[ Trying to come up with crazy special cases ]

On Wed, Jul 11, 2018 at 1:49 PM Linus Torvalds
<torva...@linux-foundation.org> wrote:
>
> But it could be anything else invalid, of course. It could be MAX_INT
> or something like that.

That might be better. A timezone of -1 isn't actually a valid
timezone, but I guess you could create a commit by hand that had
"-0001" as the timezone.

You can't do that with something like MAX_INT, without fsck
complaining - since it has to be exactly four digits.

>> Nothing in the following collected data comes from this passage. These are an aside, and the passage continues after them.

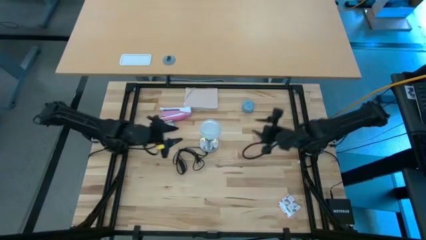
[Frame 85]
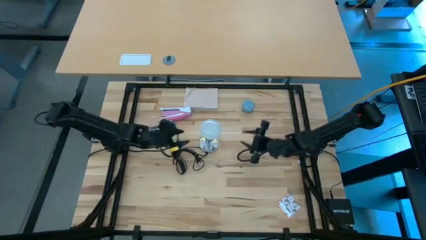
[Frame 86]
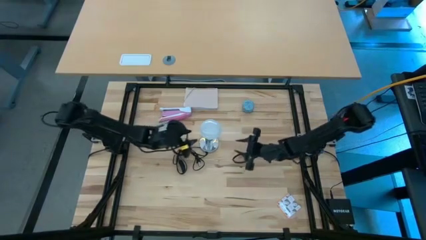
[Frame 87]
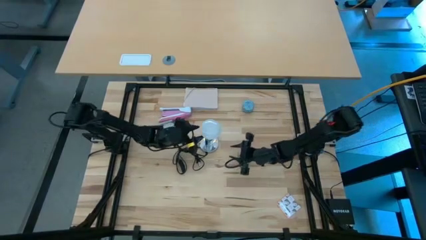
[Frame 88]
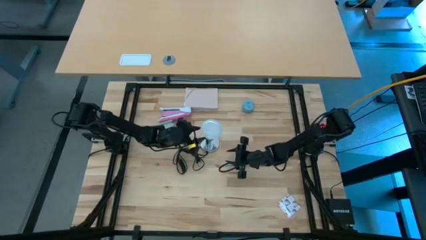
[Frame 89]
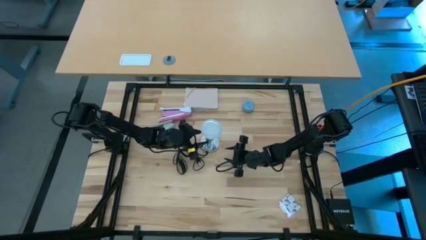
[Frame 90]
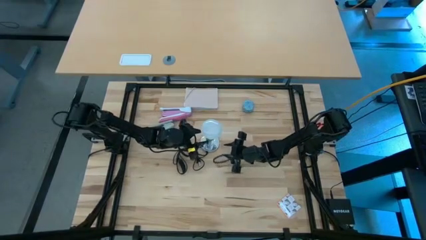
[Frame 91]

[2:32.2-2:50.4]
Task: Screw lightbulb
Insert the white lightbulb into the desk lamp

> The clearing of "human_tm" is done for a similar reason: the code does
>
>         hide.year = tm->tm_year == human_tm->tm_year;
>
> (and then later just checks "if (human_tm->tm_year)") knowing that a
> non-zero tm_year will only ever happen for human_tz (and that 1900 is
> not a valid git date, even though I guess in theory you could do it).

Actually, the 1900 should be safe, because 'timestamp_t' is unsigned.
So a valid timestamp really can't be before 1970.

Of course, you can probably try to mess with it by giving values that
don't actually fit, because sometimes we do convert mindlessly from
'timestamp_t' to 'time_t'. In particular, if you use the
"default-local" time, it will use that

  static struct tm *time_to_tm_local(timestamp_t time)
  {
        time_t t = time;
        return localtime(&t);
  }

and not check the range of the timestamp.

But other proper time stamp functions will actually do range checking
with "date_overflow()", so in general that whole assumption of "a real
git date cannot be in the year 1900" is valid.